Functions of BNIP3 in mammary tumorigenesis

Tumor hypoxia is associated with poor prognosis in cancer patients, and the hypoxic response promotes tumor progression in a number of ways, although direct mechanisms of metastasis promotion by hypoxia are not well understood. Hypoxia promotes the selection of tumor cells resistant to drug and stress induced death and promotes the switch to glycolytic metabolism, which allows cells to better withstand fluctuating oxygen levels common in tumors. Hypoxia also promotes angiogenesis, which is crucial for tumor growth.
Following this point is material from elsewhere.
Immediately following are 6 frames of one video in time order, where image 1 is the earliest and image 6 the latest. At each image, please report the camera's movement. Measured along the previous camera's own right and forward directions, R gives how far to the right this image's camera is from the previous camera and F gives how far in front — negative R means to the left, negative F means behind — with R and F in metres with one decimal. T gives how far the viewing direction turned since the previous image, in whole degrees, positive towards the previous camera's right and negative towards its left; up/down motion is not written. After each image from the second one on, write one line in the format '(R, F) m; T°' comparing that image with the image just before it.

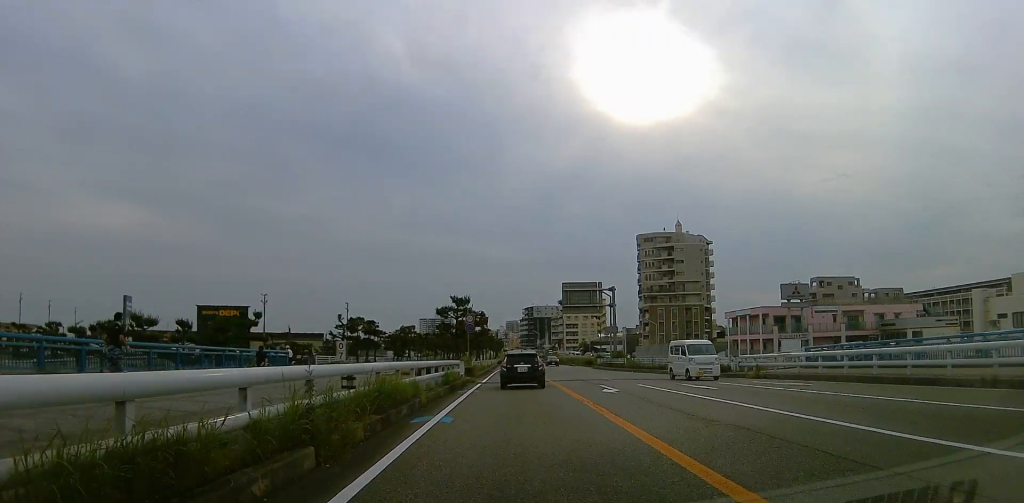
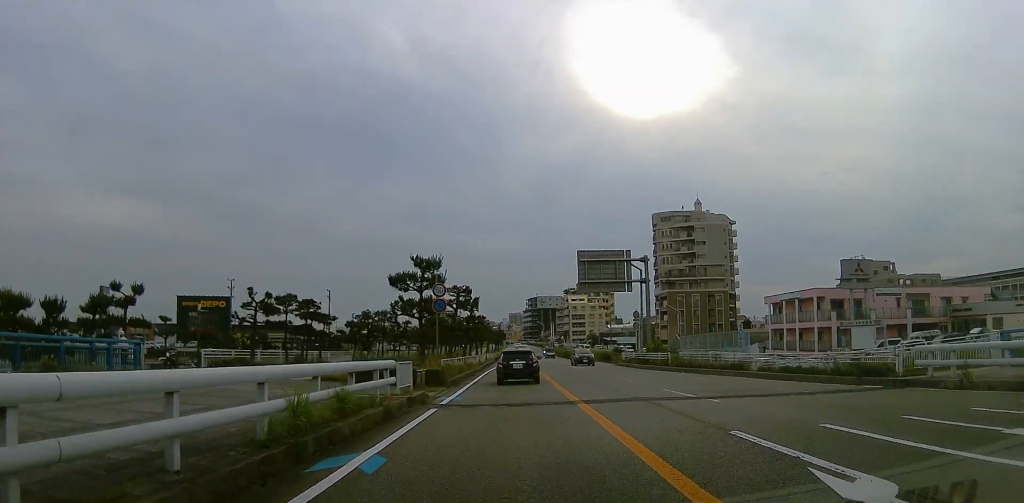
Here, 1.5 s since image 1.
(0.0, +15.0) m; 0°
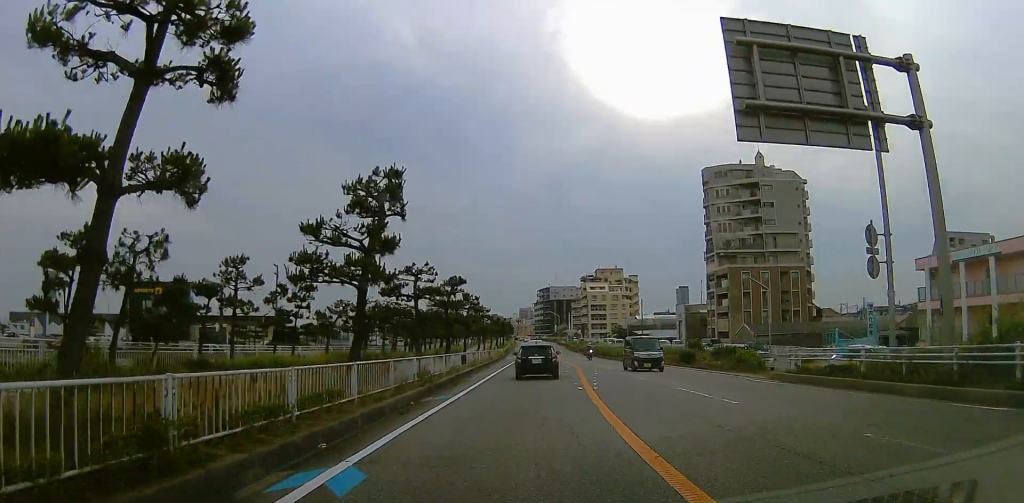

Furthermore, hypoxia, and the increased reactive oxygen species (ROS) that come with it, can promote proliferation, DNA damage, and epithelial to mesenchymal transition, all of which promote tumor progression.;The hypoxia-inducible protein BNIP3 has been implicated in the maintenance of mitochondrial integrity during hypoxia through regulation of mitophagy, the specific degradation of mitochondria by autophagy. BNIP3 has also been shown to be silenced in a number of human tumor types during progression to invasiveness. While the maintenance of mitochondrial integrity is important for limiting ROS and DNA damage, and dysfunctional mitochondria have been associated with tumor promotion, a direct link between mitophagy and tumorigenesis has not been made. In order to better understand the role of mitochondrial integrity and the hypoxic response in tumorigenesis, I have examined the function of BNIP3 in tumor cells and in a mouse model of mammary tumorigenesis.;While multiple reports claim that BNIP3 is a cell death inducer, I have shown that BNIP3 is required for hypoxia-induced autophagy and is not sufficient to kill cells. Furthermore, I have shown that deletion of BNIP3 in the MMTV-PyMT model of mammary tumorigenesis promotes tumor progression and metastasis. Loss of BNIP3 expression in MMTV-PyMT tumor cells leads to mitochondrial dysfunction and increased ROS, which appears to underlie the faster tumor progression and increased metastasis in BNip3-/-;MMTV-PyMT mice. I have also identified a nuclear export signal in the transmembrane domain of BNIP3 and shown that BNIP3 can be sequestered in the nucleus in human tumor cells. This result, combined with the identification of BNip3 as a tumor suppressor in mouse mammary cancer, suggests a mechanism by which the sequestration of BNIP3 in the nucleus of tumor cells could inactivate BNIP3 function, leading to increased tumor progression and metastasis.